Now we will add groups, where we will keep labels and data. Let’s say we have two different types of features: A and B. We will keep them in separate groups: “features_A” and “features_B”. Here we will create two groups, but we will only work with one.

group_A = hdf.create_group("features_A")
group_B = hdf.create_group("features_B")

And then we will create the datasets. Per group, one dataset will be for features, and another will be for labels. It is important to say that, if you wish to set data in datasets as strings (str), you need to create a special type of data type. We’ll use h5py.special_dtype to do so [Source]

dt = h5py.special_dtype(vlen=str)
feats_A = group_A.create_dataset("features",(0,40,200), maxshape=(None,40,200))
labels_A = group_A.create_dataset("gender", (0,), maxshape=(None,), dtype=dt)

Now, let’s set up a few attributes to describe this dataset

group_A.attrs["fs"] = 16000
group_A.attrs["win_dur"] = 0.025
group_A.attrs["hop_dur"] = 0.01

And then we can start to populate the dataset and the labels

gender = ["m", "f"]
for k in range(3):
    feats_A.resize(feats_A.shape[0]+1, axis=0)
    labels_A.resize(labels_A.shape[0]+1, axis=0)

    feats_A[-1] = np.random.random([1,40,200])
    labels_A[-1]= random.sample(gender,1)[0]


Now we can check the results:

with h5py.File(path,"r") as hdf:
    feats = hdf["features_A/features"][:]
    labels= hdf["features_A/gender"][:]
    g1 = hdf["features_A"]
    params = dict(g1.attrs)

import h5py
import numpy as np
import random
path = "test.h5"

# Optional 
import os

with h5py.File(path, "a") as hdf:
    group_A = hdf.create_group("features_A")
    group_B = hdf.create_group("features_B")
    dt = h5py.special_dtype(vlen=str)
    feats_A = group_A.create_dataset("features",(0,40,200), maxshape=(None,40,200))
    labels_A = group_A.create_dataset("gender", (0,), maxshape=(None,), dtype=dt)
    group_A.attrs["fs"] = 16000
    group_A.attrs["win_dur"] = 0.025
    group_A.attrs["hop_dur"] = 0.01
    gender = ["m", "f"]
    for k in range(3):
        feats_A.resize(feats_A.shape[0]+1, axis=0)
        labels_A.resize(labels_A.shape[0]+1, axis=0)

        feats_A[-1] = np.random.random([1,40,200])
        labels_A[-1]= random.sample(gender,1)[0]

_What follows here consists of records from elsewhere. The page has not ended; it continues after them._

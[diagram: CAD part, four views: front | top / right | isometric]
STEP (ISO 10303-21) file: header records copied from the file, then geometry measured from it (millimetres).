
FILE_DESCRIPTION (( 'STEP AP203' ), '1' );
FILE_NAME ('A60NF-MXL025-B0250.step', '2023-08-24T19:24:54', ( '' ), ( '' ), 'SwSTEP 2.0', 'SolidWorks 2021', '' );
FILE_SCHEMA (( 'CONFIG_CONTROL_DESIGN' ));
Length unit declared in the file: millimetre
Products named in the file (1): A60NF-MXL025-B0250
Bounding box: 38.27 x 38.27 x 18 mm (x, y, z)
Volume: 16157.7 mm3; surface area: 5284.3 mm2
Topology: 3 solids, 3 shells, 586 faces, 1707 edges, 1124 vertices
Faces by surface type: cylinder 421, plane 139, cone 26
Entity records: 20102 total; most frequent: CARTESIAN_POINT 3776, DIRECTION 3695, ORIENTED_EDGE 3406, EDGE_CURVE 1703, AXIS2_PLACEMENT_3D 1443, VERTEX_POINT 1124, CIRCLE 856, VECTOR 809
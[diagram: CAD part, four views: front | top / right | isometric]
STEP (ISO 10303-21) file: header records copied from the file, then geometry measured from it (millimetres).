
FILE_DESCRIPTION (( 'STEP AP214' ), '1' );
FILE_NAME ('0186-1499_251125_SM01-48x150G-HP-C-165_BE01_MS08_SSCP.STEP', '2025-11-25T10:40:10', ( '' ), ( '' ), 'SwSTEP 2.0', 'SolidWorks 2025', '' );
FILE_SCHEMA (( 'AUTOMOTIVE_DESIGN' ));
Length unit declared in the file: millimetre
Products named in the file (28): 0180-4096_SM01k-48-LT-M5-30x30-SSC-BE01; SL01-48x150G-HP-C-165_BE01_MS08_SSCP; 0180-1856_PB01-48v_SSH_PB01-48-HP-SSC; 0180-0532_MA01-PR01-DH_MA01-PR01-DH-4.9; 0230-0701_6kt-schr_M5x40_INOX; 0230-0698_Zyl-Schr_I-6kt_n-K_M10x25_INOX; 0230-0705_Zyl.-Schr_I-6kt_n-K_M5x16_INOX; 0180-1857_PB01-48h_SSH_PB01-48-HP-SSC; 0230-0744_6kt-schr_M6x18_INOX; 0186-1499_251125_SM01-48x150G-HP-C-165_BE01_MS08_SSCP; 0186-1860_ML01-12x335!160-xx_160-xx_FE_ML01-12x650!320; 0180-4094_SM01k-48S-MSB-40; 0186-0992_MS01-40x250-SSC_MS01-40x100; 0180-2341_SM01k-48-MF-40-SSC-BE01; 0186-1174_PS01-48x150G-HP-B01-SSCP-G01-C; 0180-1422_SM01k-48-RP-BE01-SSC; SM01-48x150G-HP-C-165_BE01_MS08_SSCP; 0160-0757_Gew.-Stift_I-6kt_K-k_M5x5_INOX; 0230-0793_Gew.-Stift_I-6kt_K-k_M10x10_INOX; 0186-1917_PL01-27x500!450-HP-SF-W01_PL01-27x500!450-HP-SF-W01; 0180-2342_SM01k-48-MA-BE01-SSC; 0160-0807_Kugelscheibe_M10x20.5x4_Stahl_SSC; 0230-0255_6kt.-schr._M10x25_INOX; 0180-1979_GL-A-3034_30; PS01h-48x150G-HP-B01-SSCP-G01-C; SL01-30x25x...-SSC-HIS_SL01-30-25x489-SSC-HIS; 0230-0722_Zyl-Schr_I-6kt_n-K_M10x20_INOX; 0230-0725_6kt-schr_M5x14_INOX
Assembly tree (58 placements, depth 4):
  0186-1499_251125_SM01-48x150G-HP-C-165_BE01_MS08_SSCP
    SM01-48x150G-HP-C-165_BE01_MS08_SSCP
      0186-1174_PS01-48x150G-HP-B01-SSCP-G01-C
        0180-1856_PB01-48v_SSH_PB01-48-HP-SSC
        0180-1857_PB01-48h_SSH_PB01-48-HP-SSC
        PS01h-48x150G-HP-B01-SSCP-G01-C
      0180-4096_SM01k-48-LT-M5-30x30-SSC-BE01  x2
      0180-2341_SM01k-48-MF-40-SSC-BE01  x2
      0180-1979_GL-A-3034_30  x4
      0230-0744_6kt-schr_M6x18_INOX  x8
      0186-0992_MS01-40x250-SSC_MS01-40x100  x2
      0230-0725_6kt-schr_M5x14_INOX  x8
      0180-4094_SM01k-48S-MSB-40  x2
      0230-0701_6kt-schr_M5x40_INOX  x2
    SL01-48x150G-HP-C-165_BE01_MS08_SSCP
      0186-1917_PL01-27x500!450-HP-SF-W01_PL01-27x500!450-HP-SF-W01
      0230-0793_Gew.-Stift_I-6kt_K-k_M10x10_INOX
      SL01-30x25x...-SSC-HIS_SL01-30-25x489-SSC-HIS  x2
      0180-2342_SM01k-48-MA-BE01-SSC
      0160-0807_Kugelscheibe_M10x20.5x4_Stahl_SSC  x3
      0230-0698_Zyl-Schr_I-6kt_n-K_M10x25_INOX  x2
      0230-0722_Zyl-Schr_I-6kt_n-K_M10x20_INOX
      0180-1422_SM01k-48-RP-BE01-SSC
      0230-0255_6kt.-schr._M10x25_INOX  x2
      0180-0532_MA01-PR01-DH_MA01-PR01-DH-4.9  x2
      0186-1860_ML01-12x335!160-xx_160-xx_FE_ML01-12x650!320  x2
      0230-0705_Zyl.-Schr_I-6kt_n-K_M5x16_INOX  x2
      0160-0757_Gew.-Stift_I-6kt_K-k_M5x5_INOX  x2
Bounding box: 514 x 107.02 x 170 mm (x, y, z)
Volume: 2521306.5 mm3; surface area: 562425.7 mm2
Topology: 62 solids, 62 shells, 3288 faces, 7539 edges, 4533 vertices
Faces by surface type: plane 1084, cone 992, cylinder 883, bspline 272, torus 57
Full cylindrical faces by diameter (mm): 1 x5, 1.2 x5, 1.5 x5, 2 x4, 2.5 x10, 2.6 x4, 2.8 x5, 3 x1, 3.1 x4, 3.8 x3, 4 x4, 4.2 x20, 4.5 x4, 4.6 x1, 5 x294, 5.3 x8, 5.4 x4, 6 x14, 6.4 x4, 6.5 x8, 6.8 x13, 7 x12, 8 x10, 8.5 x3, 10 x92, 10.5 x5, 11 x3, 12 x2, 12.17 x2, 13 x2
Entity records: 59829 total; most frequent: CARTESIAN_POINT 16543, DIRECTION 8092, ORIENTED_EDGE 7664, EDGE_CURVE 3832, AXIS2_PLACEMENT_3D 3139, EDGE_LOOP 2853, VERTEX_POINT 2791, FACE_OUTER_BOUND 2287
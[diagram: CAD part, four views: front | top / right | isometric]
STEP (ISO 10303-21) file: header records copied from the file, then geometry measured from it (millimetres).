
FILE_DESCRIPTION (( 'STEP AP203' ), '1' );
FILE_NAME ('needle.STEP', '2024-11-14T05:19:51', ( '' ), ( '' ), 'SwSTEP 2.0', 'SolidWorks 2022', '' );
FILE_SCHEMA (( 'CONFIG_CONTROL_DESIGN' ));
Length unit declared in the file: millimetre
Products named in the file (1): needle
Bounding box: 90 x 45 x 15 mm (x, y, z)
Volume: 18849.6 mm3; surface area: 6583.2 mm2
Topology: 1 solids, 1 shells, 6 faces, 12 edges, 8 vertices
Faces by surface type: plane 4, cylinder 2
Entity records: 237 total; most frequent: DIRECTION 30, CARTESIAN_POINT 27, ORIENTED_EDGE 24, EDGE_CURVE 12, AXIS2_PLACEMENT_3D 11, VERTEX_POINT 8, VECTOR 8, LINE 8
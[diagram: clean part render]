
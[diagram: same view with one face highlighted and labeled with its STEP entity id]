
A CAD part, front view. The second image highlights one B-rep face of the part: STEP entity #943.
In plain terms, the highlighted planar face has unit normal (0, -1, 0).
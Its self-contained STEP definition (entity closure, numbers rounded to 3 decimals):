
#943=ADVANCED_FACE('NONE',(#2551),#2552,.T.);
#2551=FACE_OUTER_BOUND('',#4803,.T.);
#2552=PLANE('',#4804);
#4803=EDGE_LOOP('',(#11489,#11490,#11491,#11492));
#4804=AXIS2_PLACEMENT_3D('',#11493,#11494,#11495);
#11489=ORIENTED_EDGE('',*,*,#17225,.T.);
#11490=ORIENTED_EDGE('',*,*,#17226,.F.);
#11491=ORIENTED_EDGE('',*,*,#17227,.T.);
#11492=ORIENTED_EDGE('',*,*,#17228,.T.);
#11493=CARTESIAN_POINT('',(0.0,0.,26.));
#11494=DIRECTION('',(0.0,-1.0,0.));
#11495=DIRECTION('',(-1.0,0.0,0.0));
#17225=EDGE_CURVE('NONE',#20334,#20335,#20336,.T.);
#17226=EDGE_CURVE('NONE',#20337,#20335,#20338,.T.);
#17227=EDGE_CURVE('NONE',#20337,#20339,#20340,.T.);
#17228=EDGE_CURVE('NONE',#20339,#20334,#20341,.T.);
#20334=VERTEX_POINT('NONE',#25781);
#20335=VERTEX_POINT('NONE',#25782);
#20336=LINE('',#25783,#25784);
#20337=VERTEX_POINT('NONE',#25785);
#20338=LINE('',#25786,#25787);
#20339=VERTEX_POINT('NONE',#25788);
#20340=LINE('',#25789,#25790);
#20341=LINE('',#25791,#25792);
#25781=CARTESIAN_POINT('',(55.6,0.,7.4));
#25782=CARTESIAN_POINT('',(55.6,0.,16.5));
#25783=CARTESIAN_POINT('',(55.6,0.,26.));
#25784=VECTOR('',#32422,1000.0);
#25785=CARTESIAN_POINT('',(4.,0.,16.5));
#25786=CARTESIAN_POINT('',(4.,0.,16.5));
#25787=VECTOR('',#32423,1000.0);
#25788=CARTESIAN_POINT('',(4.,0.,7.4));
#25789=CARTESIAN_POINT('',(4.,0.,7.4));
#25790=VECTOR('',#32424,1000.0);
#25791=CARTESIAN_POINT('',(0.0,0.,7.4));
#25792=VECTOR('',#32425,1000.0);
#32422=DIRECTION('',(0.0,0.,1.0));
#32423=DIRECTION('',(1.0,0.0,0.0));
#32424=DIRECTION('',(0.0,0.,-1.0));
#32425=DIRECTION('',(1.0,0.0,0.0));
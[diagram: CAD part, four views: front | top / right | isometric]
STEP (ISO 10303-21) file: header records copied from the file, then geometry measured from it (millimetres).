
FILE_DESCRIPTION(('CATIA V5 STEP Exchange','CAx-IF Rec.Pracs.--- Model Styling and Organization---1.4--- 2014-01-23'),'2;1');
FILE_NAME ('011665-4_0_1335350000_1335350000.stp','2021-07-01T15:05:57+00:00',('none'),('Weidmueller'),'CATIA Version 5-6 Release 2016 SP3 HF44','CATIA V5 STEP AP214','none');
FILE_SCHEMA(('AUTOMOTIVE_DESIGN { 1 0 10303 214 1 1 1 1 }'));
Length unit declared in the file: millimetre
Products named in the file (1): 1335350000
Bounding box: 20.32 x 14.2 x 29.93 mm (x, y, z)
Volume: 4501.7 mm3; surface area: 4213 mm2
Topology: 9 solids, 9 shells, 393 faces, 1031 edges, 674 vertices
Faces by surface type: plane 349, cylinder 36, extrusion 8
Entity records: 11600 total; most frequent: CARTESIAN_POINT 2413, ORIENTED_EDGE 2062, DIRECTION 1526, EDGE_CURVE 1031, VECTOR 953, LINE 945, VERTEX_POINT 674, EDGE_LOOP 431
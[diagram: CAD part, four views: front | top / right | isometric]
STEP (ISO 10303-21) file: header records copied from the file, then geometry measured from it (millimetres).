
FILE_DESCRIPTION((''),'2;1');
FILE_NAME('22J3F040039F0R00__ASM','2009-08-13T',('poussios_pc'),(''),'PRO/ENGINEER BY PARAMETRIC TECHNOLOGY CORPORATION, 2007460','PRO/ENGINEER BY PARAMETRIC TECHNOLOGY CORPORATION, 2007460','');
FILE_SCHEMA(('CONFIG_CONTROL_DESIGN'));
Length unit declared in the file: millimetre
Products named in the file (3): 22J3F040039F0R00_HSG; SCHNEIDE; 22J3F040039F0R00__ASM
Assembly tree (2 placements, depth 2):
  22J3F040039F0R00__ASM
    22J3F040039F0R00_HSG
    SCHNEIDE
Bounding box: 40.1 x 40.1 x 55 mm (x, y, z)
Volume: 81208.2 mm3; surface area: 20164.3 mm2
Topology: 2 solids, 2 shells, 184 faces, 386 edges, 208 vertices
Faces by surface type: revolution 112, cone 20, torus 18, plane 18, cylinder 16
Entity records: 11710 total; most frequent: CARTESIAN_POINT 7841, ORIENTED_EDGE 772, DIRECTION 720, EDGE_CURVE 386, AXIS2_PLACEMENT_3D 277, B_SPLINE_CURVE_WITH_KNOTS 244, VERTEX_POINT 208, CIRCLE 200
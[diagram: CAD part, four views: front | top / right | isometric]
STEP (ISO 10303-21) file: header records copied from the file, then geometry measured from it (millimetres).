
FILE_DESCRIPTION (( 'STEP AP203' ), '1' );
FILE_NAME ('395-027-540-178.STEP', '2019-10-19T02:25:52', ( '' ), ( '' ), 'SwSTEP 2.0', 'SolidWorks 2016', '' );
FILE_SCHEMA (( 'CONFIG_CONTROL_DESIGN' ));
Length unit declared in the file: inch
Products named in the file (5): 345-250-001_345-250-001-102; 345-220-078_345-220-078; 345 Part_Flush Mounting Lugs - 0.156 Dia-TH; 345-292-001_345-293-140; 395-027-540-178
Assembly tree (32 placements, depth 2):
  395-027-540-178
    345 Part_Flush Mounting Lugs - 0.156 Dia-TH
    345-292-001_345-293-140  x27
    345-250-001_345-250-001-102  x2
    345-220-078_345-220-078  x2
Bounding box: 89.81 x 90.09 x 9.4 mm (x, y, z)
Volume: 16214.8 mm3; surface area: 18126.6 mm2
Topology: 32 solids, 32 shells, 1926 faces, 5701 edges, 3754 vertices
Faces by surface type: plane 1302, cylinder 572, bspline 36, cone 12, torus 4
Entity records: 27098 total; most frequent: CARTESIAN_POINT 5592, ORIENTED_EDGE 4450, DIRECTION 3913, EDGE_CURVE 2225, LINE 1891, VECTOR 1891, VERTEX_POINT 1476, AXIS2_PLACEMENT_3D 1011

with h5py.File(path,"r") as hdf:
    feats = hdf["features_A/features"][:]
    labels= hdf["features_A/gender"][:]
    g1 = hdf["features_A"]
    params = dict(g1.attrs)

# {'fs': 16000, 'hop_dur': 0.01, 'win_dur': 0.025}

# (3, 40, 200)

# <class 'numpy.ndarray'>

# ['f', 'm', 'm']

# <class 'numpy.ndarray'>

# <class 'str'>